Can you pull out each line of the data below that includes the word "branch"?
--*--
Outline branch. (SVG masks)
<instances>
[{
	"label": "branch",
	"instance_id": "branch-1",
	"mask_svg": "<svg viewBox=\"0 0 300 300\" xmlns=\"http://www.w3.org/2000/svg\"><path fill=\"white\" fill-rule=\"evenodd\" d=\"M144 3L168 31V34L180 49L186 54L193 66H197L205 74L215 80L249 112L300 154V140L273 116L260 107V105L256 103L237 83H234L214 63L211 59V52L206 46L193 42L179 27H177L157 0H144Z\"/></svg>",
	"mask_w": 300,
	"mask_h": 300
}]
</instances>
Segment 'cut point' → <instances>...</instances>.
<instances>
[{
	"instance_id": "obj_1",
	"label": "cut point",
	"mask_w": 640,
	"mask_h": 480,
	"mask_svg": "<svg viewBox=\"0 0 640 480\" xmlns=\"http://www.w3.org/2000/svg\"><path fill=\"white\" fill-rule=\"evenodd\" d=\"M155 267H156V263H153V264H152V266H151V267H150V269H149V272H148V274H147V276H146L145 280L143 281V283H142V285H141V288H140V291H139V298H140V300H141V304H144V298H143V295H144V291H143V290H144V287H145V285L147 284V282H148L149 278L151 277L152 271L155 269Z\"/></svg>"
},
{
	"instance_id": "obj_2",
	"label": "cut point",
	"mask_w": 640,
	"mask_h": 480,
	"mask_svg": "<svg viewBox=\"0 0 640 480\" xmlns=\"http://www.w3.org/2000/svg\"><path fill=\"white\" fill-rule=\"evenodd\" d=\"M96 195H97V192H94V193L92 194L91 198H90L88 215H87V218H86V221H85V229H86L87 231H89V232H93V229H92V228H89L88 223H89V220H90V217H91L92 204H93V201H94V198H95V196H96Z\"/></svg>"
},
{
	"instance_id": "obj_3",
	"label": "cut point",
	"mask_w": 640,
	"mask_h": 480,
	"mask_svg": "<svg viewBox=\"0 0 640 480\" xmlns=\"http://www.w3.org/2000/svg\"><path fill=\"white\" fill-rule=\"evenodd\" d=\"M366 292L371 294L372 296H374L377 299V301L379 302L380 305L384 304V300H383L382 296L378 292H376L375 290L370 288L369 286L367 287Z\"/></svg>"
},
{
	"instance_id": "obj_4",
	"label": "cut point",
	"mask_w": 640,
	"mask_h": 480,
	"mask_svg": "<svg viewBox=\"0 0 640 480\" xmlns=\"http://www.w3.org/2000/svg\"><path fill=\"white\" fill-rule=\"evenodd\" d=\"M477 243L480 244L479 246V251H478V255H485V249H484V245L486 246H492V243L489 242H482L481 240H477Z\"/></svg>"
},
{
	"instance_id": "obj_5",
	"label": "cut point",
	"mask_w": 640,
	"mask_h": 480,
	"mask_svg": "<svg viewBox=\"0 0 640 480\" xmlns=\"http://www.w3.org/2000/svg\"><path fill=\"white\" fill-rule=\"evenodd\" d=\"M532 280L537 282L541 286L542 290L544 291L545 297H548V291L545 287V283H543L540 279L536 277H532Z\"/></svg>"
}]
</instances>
--*--
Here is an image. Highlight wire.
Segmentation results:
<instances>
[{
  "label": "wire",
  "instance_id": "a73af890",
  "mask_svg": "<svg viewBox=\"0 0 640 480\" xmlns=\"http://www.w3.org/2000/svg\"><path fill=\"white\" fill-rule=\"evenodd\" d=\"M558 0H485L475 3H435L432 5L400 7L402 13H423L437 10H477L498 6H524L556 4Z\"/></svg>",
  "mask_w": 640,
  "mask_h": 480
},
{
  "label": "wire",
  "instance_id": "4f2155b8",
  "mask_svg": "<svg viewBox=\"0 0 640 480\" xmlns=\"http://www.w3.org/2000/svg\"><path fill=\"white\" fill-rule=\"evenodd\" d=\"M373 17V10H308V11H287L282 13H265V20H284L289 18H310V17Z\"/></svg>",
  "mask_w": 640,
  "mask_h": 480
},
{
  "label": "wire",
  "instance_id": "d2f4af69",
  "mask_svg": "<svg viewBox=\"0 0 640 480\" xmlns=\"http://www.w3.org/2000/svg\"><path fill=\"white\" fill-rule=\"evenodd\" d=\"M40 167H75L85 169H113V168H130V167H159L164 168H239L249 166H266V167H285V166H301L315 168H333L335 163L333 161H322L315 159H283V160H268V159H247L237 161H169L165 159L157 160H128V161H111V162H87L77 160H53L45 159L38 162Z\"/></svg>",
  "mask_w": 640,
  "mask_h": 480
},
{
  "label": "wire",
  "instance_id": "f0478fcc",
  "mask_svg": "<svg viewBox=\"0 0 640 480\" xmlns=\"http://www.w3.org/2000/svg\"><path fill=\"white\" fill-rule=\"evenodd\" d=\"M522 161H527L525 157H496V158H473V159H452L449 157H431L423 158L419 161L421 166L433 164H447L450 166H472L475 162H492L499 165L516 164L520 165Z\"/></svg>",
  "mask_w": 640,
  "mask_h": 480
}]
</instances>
--*--
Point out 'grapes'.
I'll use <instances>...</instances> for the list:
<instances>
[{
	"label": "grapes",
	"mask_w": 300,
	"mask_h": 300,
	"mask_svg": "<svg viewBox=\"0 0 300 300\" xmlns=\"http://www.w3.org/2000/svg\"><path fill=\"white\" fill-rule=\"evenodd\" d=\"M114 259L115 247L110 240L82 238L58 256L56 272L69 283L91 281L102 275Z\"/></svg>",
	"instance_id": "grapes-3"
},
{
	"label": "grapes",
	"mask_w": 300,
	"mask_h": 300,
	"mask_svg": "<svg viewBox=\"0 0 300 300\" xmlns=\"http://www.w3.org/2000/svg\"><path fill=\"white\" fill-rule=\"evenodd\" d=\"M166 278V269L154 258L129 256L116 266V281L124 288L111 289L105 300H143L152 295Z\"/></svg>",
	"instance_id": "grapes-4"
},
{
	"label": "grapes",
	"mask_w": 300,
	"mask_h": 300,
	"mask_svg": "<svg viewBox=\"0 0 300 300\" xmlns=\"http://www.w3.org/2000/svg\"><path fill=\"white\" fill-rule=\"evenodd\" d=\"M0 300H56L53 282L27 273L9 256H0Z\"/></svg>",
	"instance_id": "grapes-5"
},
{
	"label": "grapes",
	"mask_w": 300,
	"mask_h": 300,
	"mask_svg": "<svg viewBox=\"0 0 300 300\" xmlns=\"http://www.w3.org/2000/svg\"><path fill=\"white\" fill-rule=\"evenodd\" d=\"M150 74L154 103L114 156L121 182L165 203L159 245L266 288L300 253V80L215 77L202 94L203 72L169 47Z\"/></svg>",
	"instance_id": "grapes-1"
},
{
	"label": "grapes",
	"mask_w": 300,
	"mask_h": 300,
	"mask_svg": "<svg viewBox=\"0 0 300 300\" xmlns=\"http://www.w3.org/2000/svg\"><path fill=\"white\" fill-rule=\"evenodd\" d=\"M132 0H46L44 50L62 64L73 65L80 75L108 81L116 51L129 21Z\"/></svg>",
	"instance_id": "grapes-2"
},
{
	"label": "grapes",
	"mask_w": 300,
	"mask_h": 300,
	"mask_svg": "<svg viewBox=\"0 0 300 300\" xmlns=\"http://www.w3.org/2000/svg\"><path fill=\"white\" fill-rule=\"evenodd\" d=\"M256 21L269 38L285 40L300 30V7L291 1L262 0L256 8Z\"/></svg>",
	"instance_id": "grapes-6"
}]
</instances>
--*--
▸ Expected answer
Outline branch. (SVG masks)
	"label": "branch",
	"instance_id": "branch-1",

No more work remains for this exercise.